In the operation of the present invention, which specifically provides a method of replenishing lubricant in a downhole motor, the method comprises injecting replenishment lubricant from a reservoir of replenishment lubricant in the downhole motor into a bearing pack of the downhole motor as the downhole motor operates. Referring to FIG. 1, lubricant from the reservoir 6 in the rotor 36 is ejected from the rotor and injected into the bearing pack 32 of the downhole motor. A particular implementation of this method comprises operating a downhole motor disposed in a subterranean environment, including pumping fluid into the downhole motor. Referring to FIG. 1, fluid 104 (for example, drilling fluid or other suitable fluid) is pumped from the surface in known manner, through the coiled tubing and the top sub 24, into the space between the stator 34 and the rotor 36 as represented in the drawing. The force of this flow moving through the grooves on the stator and rotor rotates the rotor 36, and this pumped fluid also creates pressure that is communicated through the orifice 22 in the plug 18.
The method further comprises moving lubricant from the reservoir. In general, this can be by any suitable force (for example, gravity feed, centrifugal force); however, as mentioned with regard to the FIG. 1 implementation, pressure responsive to the pumped fluid is communicated through the orifice 22, and this pressure acts against the piston 16 disposed in the reservoir with the lubricant 12. This automatically pushes lubricant out of the lower end of the reservoir 6 and into the chamber 56 of the bearing pack 32 as lubricant previously in the chamber 56 depletes. The lubricant moves out of the reservoir 6, into the passage 96 of the flex coupling 30, and then into the upper cavity 68 of the flow diverter 28.
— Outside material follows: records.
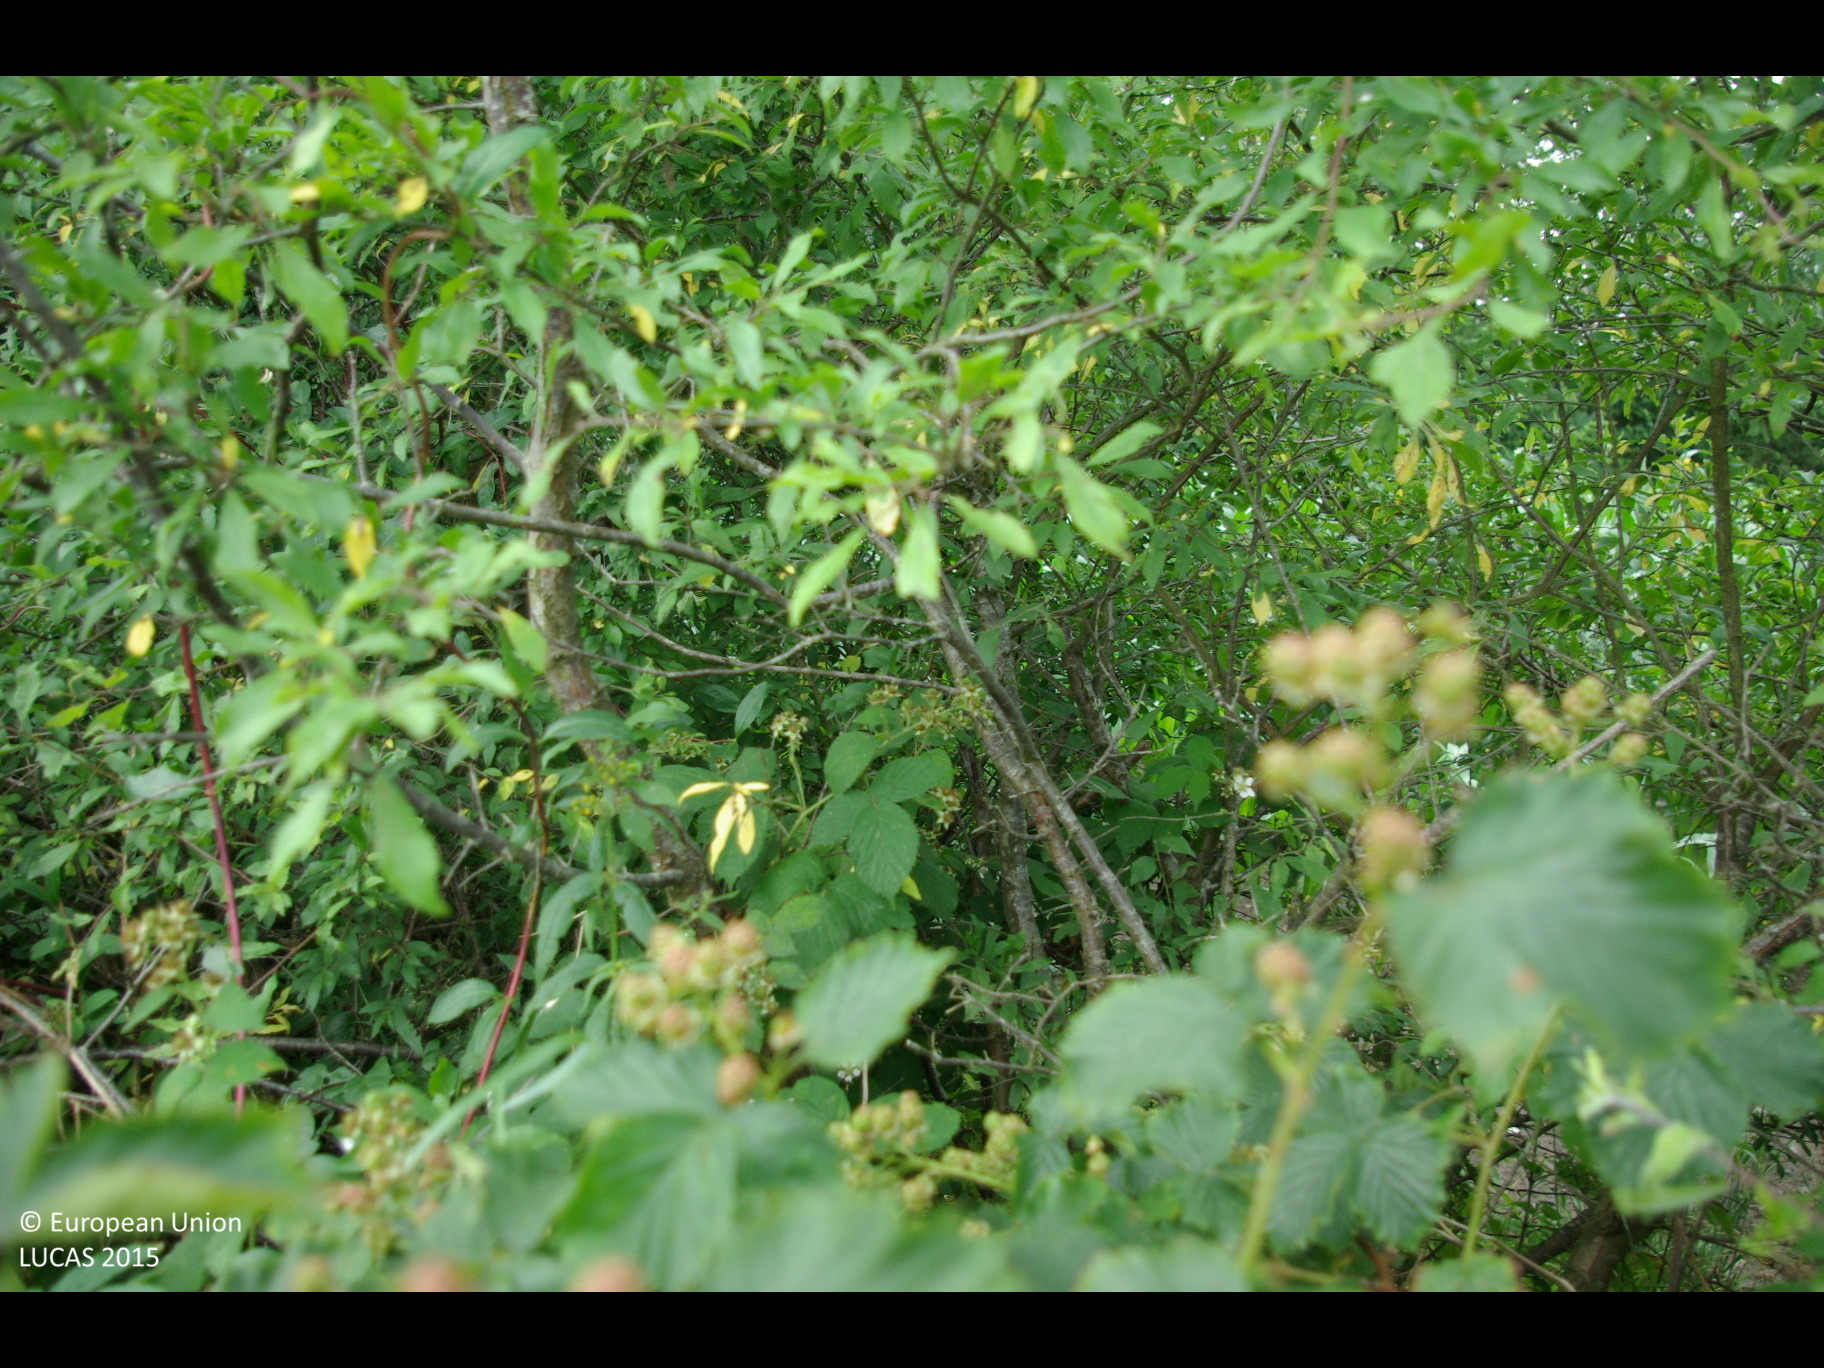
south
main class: Cropland
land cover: Maize
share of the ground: > 75 %
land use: Agriculture (excluding fallow land and kitchen gardens)
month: July
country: DE
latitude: 54.1728
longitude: 9.3111

This moved lubricant and the pumped motive fluid within the coiled tubing downhole motor are cross-channeled through the flow diverter 28 of the illustrated embodiment. The moved lubricant is conducted from the reservoir via the flex coupling 30 and then through the upper cavity 68, the bore 92 and the aperture 74, and into the outer lubricant chamber 56 of the bearing pack 32; thus, lubricant is automatically maintained in the bearing pack until the reservoir supply is depleted, which enables the motor to be used considerably longer than would be typical in the type of prior downhole motor that does not have a replenishment reservoir as described in the background above. The pumped motive fluid is conducted from outside the rotor 36, through the plurality of apertures 72 and bores 94 of the illustrated embodiment and the cavity 70 of the diverter 28, to the inner passageway 42 extending through the bearing pack 32 (and from there on out through the drill bit or other outlet).
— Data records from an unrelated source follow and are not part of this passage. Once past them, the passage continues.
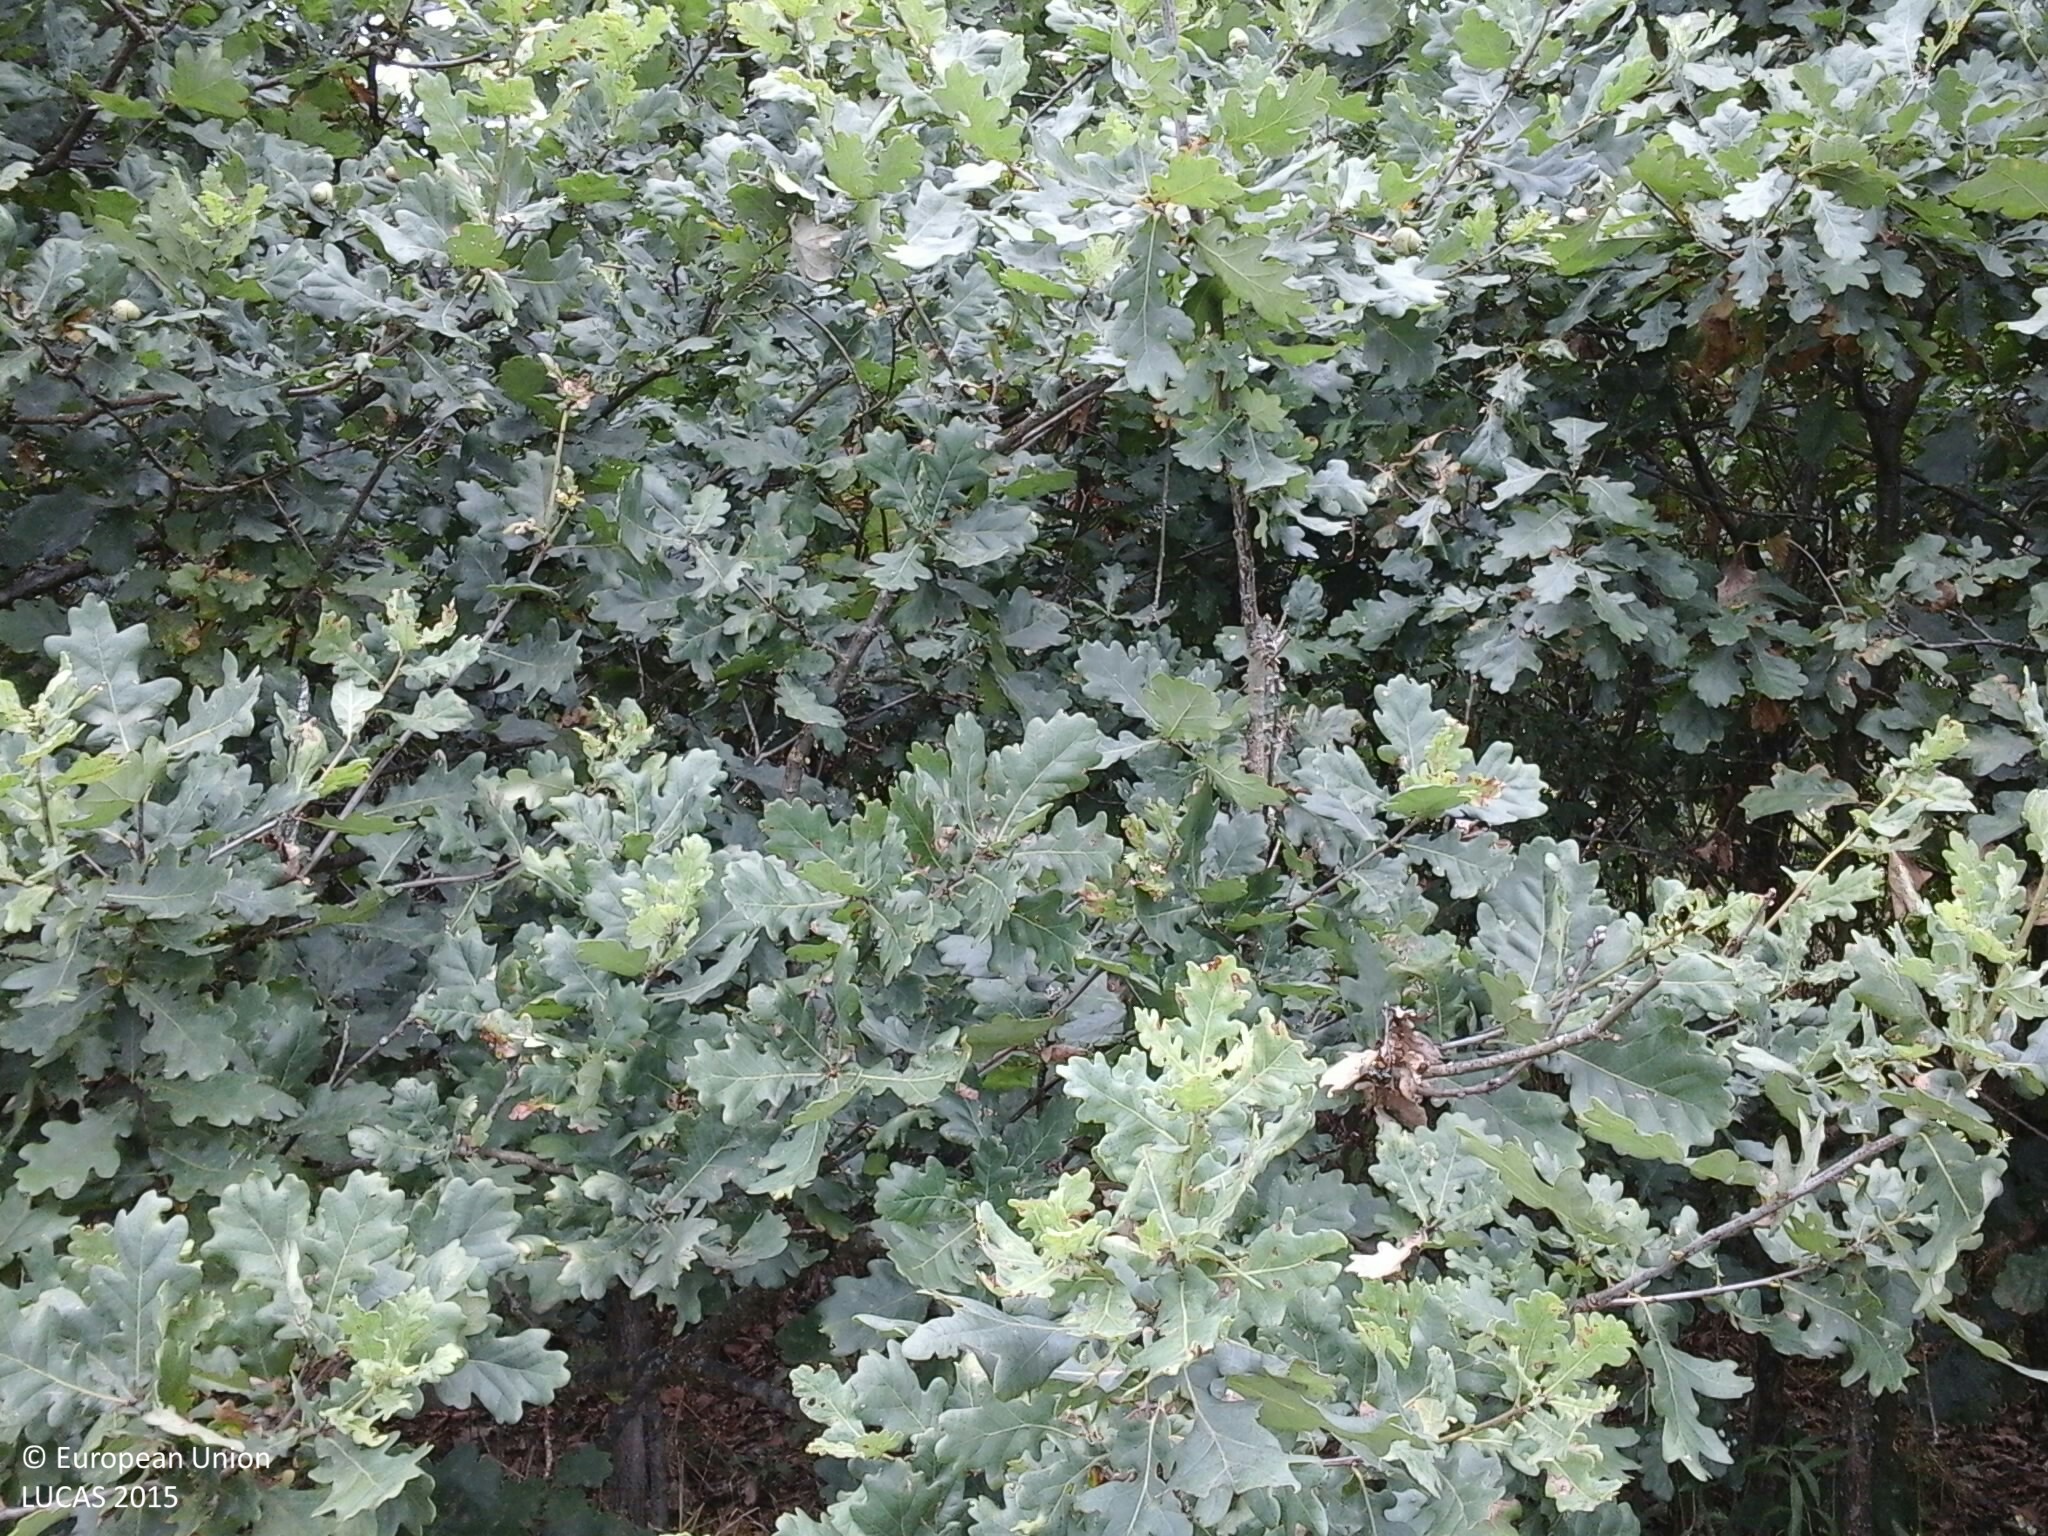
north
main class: Shrubland
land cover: Shrubland with sparse tree cover
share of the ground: > 75 %
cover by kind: shrubs 65 %, herbaceous plants 30 %, broadleaved forest trees 5 %
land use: Semi-natural and natural areas not in use
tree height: < 5 m
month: July
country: HU
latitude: 46.7117
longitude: 16.5293

Thus, the present invention is well adapted to carry out the objects and attain the ends and advantages mentioned above as well as those inherent therein. While preferred embodiments of the invention have been described for the purpose of this disclosure, changes in the construction and arrangement of parts and the performance of steps can be made by those skilled in the art, which changes are encompassed within the spirit of this invention as defined by the appended claims.